# Heizung-Vorlauftemperatur per S7 regeln



## spacedriver (6 November 2006)

Hallo

Ich möchte mit einer S7-300 eine Steuerung für die Zentralheizung von Viessmann realisieren. Bis jetzt habe ich soweit alles fertig erstellt.
Das Problem liegt momentan darin, dass ich die Vorlauftemperatur des Kessel der Außentemperatur anpassen muss.
Leider ist die Regelung nicht linear. Ich habe als Vorgabe die bestehende Heizkurve. 
Gibt es eine Möglichkeit den Wert der Außentemperatur mit Baustein oder Formel so zu wandeln, dass ein Sollwert entsprechend der Heizkurve für die Vorlauftemperatur ausgegeben wird.
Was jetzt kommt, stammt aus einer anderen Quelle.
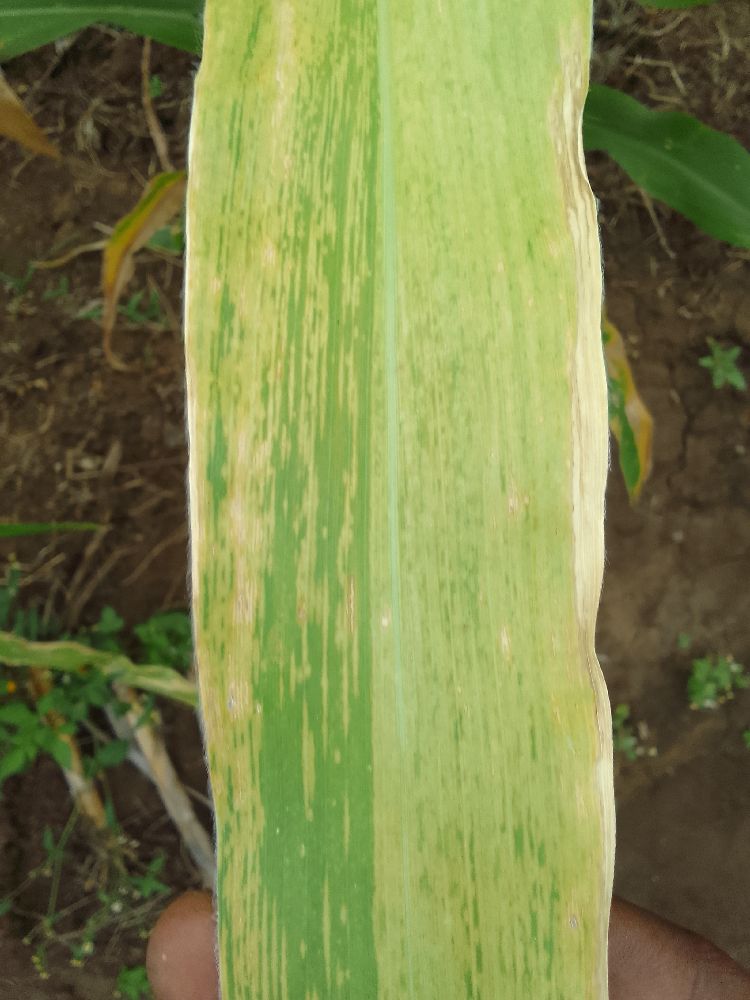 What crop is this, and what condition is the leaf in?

maize, maize lethal necrosis

Würde mich auf antworten freuen


----------



## mr__mines (6 November 2006)

Mach halt einfach mehrere Stützpunkte und dazwischen lineare Verbindungen;
Zum Beispiel:
-20°C AT = 75°C VT
-10°C AT = 65°C VT
0°C ...
20°C ...

Das reicht meistens für eine Berechnung des Vorlaufs bei einer Gebäudeheizung.
Kannst ja mehr Stützpunkte machen ?

Viel wichtieger wäre dann eine gleitende Nachtabsenkung. (in Abhängiegkeit der AT)
Soll heißen ab einer Gewissen AT keine Absenkung mehr (z.B. -12°C) und dazwischen über Stützpunkte bis zur maximalen Absenkung. bei xx°C AT

Davor wäre es ratsam die AT über einen Filter zu führen um da bereits die ged. AT zu bekommen. (0,5 Stunde oder so ...)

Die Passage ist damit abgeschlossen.